● THE PROBLEM: Copy the records below exactly, leaving out any pictures.
DATA RECORDS: Begin
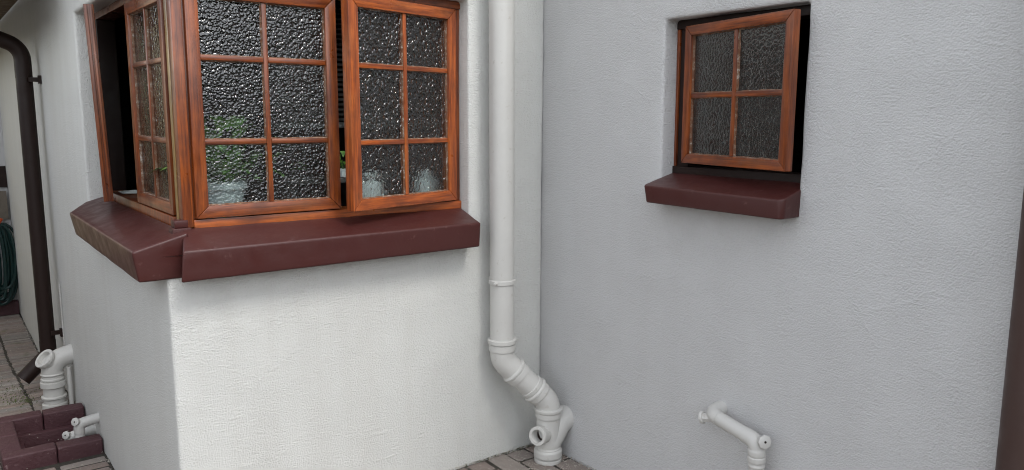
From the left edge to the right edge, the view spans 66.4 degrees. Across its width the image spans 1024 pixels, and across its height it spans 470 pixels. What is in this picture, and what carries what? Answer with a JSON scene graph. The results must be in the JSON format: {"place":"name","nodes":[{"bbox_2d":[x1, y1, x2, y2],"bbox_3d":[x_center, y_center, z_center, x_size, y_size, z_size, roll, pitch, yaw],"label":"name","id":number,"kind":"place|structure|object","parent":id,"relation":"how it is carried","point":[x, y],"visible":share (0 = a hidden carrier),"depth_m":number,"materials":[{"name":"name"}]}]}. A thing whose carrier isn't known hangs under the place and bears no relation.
{"place":"outdoors","nodes":[
{"label":"outdoors","id":0,"kind":"place"},
{"bbox_2d":[0,314,591,469],"bbox_3d":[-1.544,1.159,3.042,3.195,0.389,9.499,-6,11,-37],"label":"paving","id":1,"kind":"structure","parent":0,"point":[20,353],"depth_m":4.60,"materials":[{"name":"brick"}]},
{"bbox_2d":[0,112,19,315],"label":"end wall","id":2,"kind":"structure","parent":1,"relation":"on","point":[11,307],"depth_m":6.80,"materials":[{"name":"grey paint"}]},
{"bbox_2d":[0,403,103,469],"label":"drain basin","id":3,"kind":"object","parent":1,"relation":"in","point":[21,448],"visible":0.9,"depth_m":3.74,"materials":[{"name":"brick"}]},
{"bbox_2d":[0,380,531,466],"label":"moss","id":4,"kind":"object","parent":1,"relation":"on","point":[40,396],"visible":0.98,"depth_m":4.46,"materials":[{"name":"green plant"}]},
{"bbox_2d":[1,320,596,469],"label":"grit","id":5,"kind":"object","parent":1,"relation":"on","point":[449,469],"visible":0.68,"depth_m":3.27,"materials":[{"name":"grey gravel"}]},
{"bbox_2d":[0,0,1023,469],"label":"house","id":6,"kind":"structure","parent":1,"relation":"on","point":[856,314],"depth_m":2.73,"materials":[{"name":"paint"}]},
{"bbox_2d":[0,191,8,218],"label":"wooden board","id":7,"kind":"object","parent":6,"relation":"attached to","point":[3,207],"visible":1,"depth_m":6.72,"materials":[{"name":"wood"}]},
{"bbox_2d":[0,218,17,305],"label":"garden hose","id":8,"kind":"object","parent":6,"relation":"hanging from","point":[10,275],"visible":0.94,"depth_m":6.68,"materials":[{"name":"green rubber"}]},
{"bbox_2d":[0,31,62,383],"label":"brown downpipe","id":9,"kind":"object","parent":6,"relation":"attached to","point":[30,371],"visible":0.88,"depth_m":4.47,"materials":[{"name":"paint"}]},
{"bbox_2d":[35,344,73,409],"bbox_3d":[-2.523,0.789,4.357,0.216,0.354,0.138,-6,11,-37],"label":"soil pipe bend","id":10,"kind":"object","parent":6,"relation":"attached to","point":[50,364],"visible":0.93,"depth_m":4.31,"materials":[{"name":"paint"}]},
{"bbox_2d":[59,284,66,366],"bbox_3d":[-2.604,0.604,4.549,0.008,0.640,0.041,-6,11,-37],"label":"cable","id":11,"kind":"object","parent":6,"relation":"attached to","point":[61,316],"visible":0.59,"depth_m":4.54,"materials":[{"name":"paint"}]},
{"bbox_2d":[62,425,96,439],"bbox_3d":[-2.124,1.040,3.877,0.177,0.186,0.059,-6,11,-37],"label":"waste pipe","id":12,"kind":"object","parent":6,"relation":"attached to","point":[89,430],"visible":0.3,"depth_m":3.86,"materials":[{"name":"paint"}]},
{"bbox_2d":[71,413,99,437],"bbox_3d":[-2.040,0.955,3.776,0.147,0.186,0.059,-6,11,-37],"label":"waste pipe","id":13,"kind":"object","parent":6,"relation":"attached to","point":[80,424],"visible":0.62,"depth_m":3.74,"materials":[{"name":"paint"}]},
{"bbox_2d":[70,0,479,282],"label":"corner window","id":14,"kind":"structure","parent":6,"relation":"attached to","point":[235,115],"depth_m":2.68,"materials":[{"name":"brown wood"}]},
{"bbox_2d":[118,190,136,193],"bbox_3d":[-1.639,-0.190,3.373,0.109,0.012,0.153,-4,10,-26],"label":"dish","id":15,"kind":"object","parent":14,"relation":"on","point":[129,192],"visible":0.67,"depth_m":3.34,"materials":[{"name":"white ceramic"}]},
{"bbox_2d":[335,2,343,127],"bbox_3d":[-0.589,-0.664,3.086,0.700,0.474,0.030,-6,11,-37],"label":"slat blind","id":16,"kind":"object","parent":14,"relation":"hanging from","point":[341,124],"depth_m":3.03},
{"bbox_2d":[340,177,345,182],"bbox_3d":[-0.629,-0.164,3.063,0.480,0.134,0.160,-6,11,-37],"label":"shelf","id":17,"kind":"object","parent":6,"relation":"on","point":[343,179],"depth_m":2.95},
{"bbox_2d":[340,151,345,176],"bbox_3d":[-0.665,-0.272,3.001,0.097,0.098,0.169,-6,11,-37],"label":"pot plant","id":18,"kind":"object","parent":17,"relation":"on","point":[343,172],"visible":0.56,"depth_m":3.01,"materials":[{"name":"green plant"}]},
{"bbox_2d":[487,0,573,465],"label":"downpipe","id":19,"kind":"object","parent":6,"relation":"attached to","point":[548,432],"visible":1,"depth_m":3.05,"materials":[{"name":"paint"}]},
{"bbox_2d":[644,4,810,219],"bbox_3d":[0.708,-0.401,2.515,0.248,0.634,0.567,-6,11,-37],"label":"window","id":20,"kind":"structure","parent":6,"relation":"attached to","point":[736,82],"depth_m":2.47,"materials":[{"name":"brown wood"}]},
{"bbox_2d":[698,401,771,469],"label":"waste pipe","id":21,"kind":"object","parent":6,"relation":"attached to","point":[757,444],"visible":1,"depth_m":2.47,"materials":[{"name":"paint"}]},
{"bbox_2d":[995,190,1023,469],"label":"brown downpipe","id":22,"kind":"object","parent":6,"relation":"attached to","point":[1010,451],"visible":1,"depth_m":1.80,"materials":[{"name":"paint"}]}
]}
DATA RECORDS: End
● THE COMPLETED TASK:
From the left edge to the right edge, the view spans 66.4 degrees. Across its width the image spans 1024 pixels, and across its height it spans 470 pixels. What is in this picture, and what carries what? Answer with a JSON scene graph. The results must be in the JSON format: {"place":"name","nodes":[{"bbox_2d":[x1, y1, x2, y2],"bbox_3d":[x_center, y_center, z_center, x_size, y_size, z_size, roll, pitch, yaw],"label":"name","id":number,"kind":"place|structure|object","parent":id,"relation":"how it is carried","point":[x, y],"visible":share (0 = a hidden carrier),"depth_m":number,"materials":[{"name":"name"}]}]}. A thing whose carrier isn't known hangs under the place and bears no relation.
{"place":"outdoors","nodes":[
{"label":"outdoors","id":0,"kind":"place"},
{"bbox_2d":[0,314,591,469],"bbox_3d":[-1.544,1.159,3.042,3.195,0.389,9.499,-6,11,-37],"label":"paving","id":1,"kind":"structure","parent":0,"point":[20,353],"depth_m":4.60,"materials":[{"name":"brick"}]},
{"bbox_2d":[0,112,19,315],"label":"end wall","id":2,"kind":"structure","parent":1,"relation":"on","point":[11,307],"depth_m":6.80,"materials":[{"name":"grey paint"}]},
{"bbox_2d":[0,403,103,469],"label":"drain basin","id":3,"kind":"object","parent":1,"relation":"in","point":[21,448],"visible":0.9,"depth_m":3.74,"materials":[{"name":"brick"}]},
{"bbox_2d":[0,380,531,466],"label":"moss","id":4,"kind":"object","parent":1,"relation":"on","point":[40,396],"visible":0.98,"depth_m":4.46,"materials":[{"name":"green plant"}]},
{"bbox_2d":[1,320,596,469],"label":"grit","id":5,"kind":"object","parent":1,"relation":"on","point":[449,469],"visible":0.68,"depth_m":3.27,"materials":[{"name":"grey gravel"}]},
{"bbox_2d":[0,0,1023,469],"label":"house","id":6,"kind":"structure","parent":1,"relation":"on","point":[856,314],"depth_m":2.73,"materials":[{"name":"paint"}]},
{"bbox_2d":[0,191,8,218],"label":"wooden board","id":7,"kind":"object","parent":6,"relation":"attached to","point":[3,207],"visible":1,"depth_m":6.72,"materials":[{"name":"wood"}]},
{"bbox_2d":[0,218,17,305],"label":"garden hose","id":8,"kind":"object","parent":6,"relation":"hanging from","point":[10,275],"visible":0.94,"depth_m":6.68,"materials":[{"name":"green rubber"}]},
{"bbox_2d":[0,31,62,383],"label":"brown downpipe","id":9,"kind":"object","parent":6,"relation":"attached to","point":[30,371],"visible":0.88,"depth_m":4.47,"materials":[{"name":"paint"}]},
{"bbox_2d":[35,344,73,409],"bbox_3d":[-2.523,0.789,4.357,0.216,0.354,0.138,-6,11,-37],"label":"soil pipe bend","id":10,"kind":"object","parent":6,"relation":"attached to","point":[50,364],"visible":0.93,"depth_m":4.31,"materials":[{"name":"paint"}]},
{"bbox_2d":[59,284,66,366],"bbox_3d":[-2.604,0.604,4.549,0.008,0.640,0.041,-6,11,-37],"label":"cable","id":11,"kind":"object","parent":6,"relation":"attached to","point":[61,316],"visible":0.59,"depth_m":4.54,"materials":[{"name":"paint"}]},
{"bbox_2d":[62,425,96,439],"bbox_3d":[-2.124,1.040,3.877,0.177,0.186,0.059,-6,11,-37],"label":"waste pipe","id":12,"kind":"object","parent":6,"relation":"attached to","point":[89,430],"visible":0.3,"depth_m":3.86,"materials":[{"name":"paint"}]},
{"bbox_2d":[71,413,99,437],"bbox_3d":[-2.040,0.955,3.776,0.147,0.186,0.059,-6,11,-37],"label":"waste pipe","id":13,"kind":"object","parent":6,"relation":"attached to","point":[80,424],"visible":0.62,"depth_m":3.74,"materials":[{"name":"paint"}]},
{"bbox_2d":[70,0,479,282],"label":"corner window","id":14,"kind":"structure","parent":6,"relation":"attached to","point":[235,115],"depth_m":2.68,"materials":[{"name":"brown wood"}]},
{"bbox_2d":[118,190,136,193],"bbox_3d":[-1.639,-0.190,3.373,0.109,0.012,0.153,-4,10,-26],"label":"dish","id":15,"kind":"object","parent":14,"relation":"on","point":[129,192],"visible":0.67,"depth_m":3.34,"materials":[{"name":"white ceramic"}]},
{"bbox_2d":[335,2,343,127],"bbox_3d":[-0.589,-0.664,3.086,0.700,0.474,0.030,-6,11,-37],"label":"slat blind","id":16,"kind":"object","parent":14,"relation":"hanging from","point":[341,124],"depth_m":3.03},
{"bbox_2d":[340,177,345,182],"bbox_3d":[-0.629,-0.164,3.063,0.480,0.134,0.160,-6,11,-37],"label":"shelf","id":17,"kind":"object","parent":6,"relation":"on","point":[343,179],"depth_m":2.95},
{"bbox_2d":[340,151,345,176],"bbox_3d":[-0.665,-0.272,3.001,0.097,0.098,0.169,-6,11,-37],"label":"pot plant","id":18,"kind":"object","parent":17,"relation":"on","point":[343,172],"visible":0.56,"depth_m":3.01,"materials":[{"name":"green plant"}]},
{"bbox_2d":[487,0,573,465],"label":"downpipe","id":19,"kind":"object","parent":6,"relation":"attached to","point":[548,432],"visible":1,"depth_m":3.05,"materials":[{"name":"paint"}]},
{"bbox_2d":[644,4,810,219],"bbox_3d":[0.708,-0.401,2.515,0.248,0.634,0.567,-6,11,-37],"label":"window","id":20,"kind":"structure","parent":6,"relation":"attached to","point":[736,82],"depth_m":2.47,"materials":[{"name":"brown wood"}]},
{"bbox_2d":[698,401,771,469],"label":"waste pipe","id":21,"kind":"object","parent":6,"relation":"attached to","point":[757,444],"visible":1,"depth_m":2.47,"materials":[{"name":"paint"}]},
{"bbox_2d":[995,190,1023,469],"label":"brown downpipe","id":22,"kind":"object","parent":6,"relation":"attached to","point":[1010,451],"visible":1,"depth_m":1.80,"materials":[{"name":"paint"}]}
]}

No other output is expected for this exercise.